Na-ion batteries have entered the energy storage field to confront the problems posed by the exponential demand of Li-ion batteries, i.e., price rise, materials scarcity, geopolitical dependence, and mining and extraction environmental impact. Luckily, Na-ion batteries commercialization has just begun. However, they still have a long way ahead of them for further improvements in energy and power density, as well as cycling stability, in order to shorten the performance gap with Li-ion batteries. Similar to their Li-counterparts, carbon is the star material in the anodes. In this case, hard carbon is the material showing the best performance, although still allowing for optimization in terms of capacity, stability and synthesis sustainability. Indeed, innovations in materials design and performance advances should go hand in hand with technical feasibility, as well as health and environmental protection. Accordingly, to ensure their potential commercial viability and comply with growing requirements on sustainable manufacturing and use of resources, research must focus on the development of greener, simple synthetic approaches that exploit abundant and renewable carbon sources, as well as benign or low-toxicity chemicals.

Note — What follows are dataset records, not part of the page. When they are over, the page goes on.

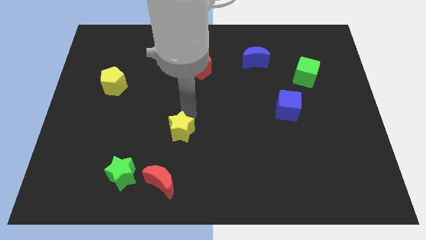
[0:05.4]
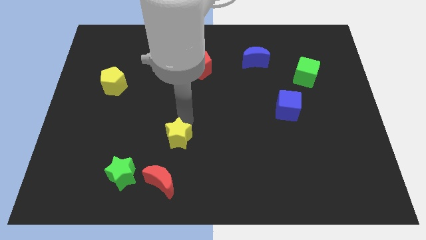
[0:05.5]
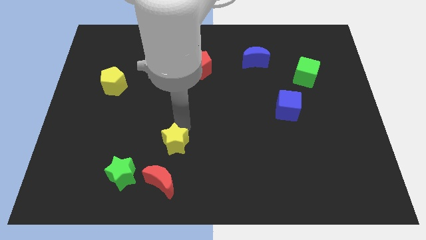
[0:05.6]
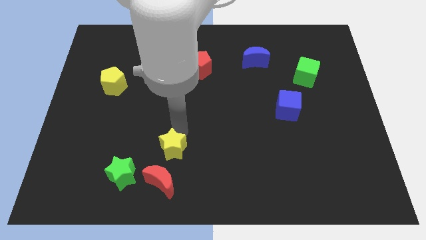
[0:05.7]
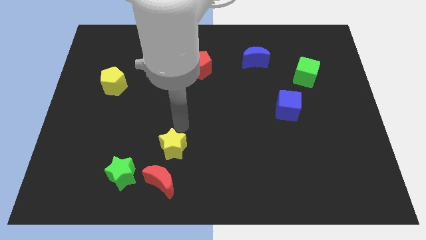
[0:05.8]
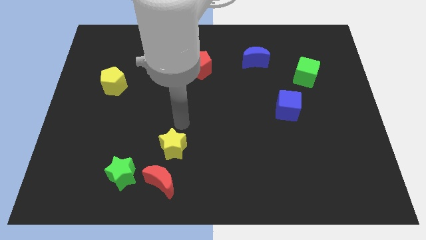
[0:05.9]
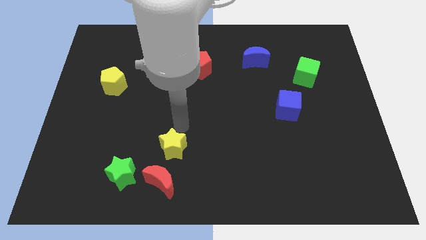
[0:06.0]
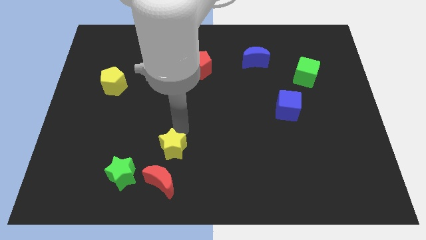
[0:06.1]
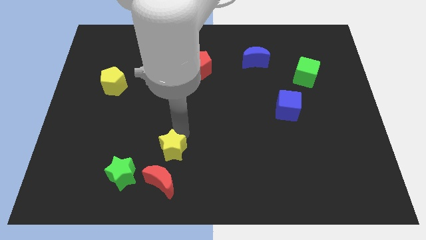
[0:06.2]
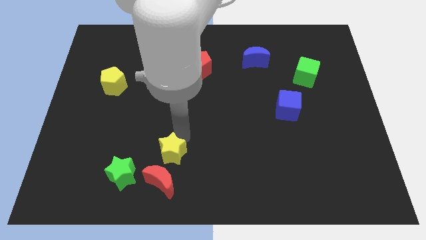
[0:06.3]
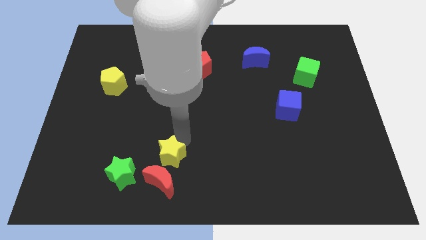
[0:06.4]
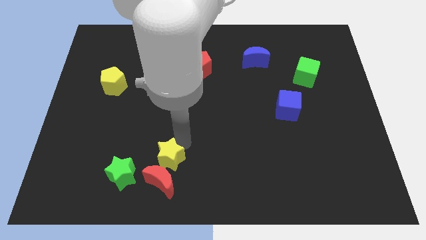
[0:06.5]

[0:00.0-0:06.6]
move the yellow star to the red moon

In this communication, we show several sustainable synthesis strategies towards S-doped disordered carbons with a high-rate performance in sodium storage [1-3]. S-doping has been selected as a tool to boost the pseudocapacitive storage of Na and coupled with nanostructuring to minimize the solid-state Na diffusion distances. As carbon precursor, renewable biomass or biomass-based substances have been used, such as glucose, tannic acid, cork or pistachio shells. As S dopant, environmentally benign sulfur or magnesium sulfate have been selected, while nanostructuring has been achieved by using benign and water-removable templates such as sodium salts (carbonate or chloride) or harnessing the intrinsic structure of the biomass. It is shown that S-doping promotes not only the redox activity at high potentials, but also the low potential capacity exploitable in Na-based technologies.

This research work was supported by project IDI/2018/000148 (FICYT/FEDER) and PID2021-123648OB-I00 (MCIN/AEI/10.13039/501100011033/and ERDF A way of making Europe).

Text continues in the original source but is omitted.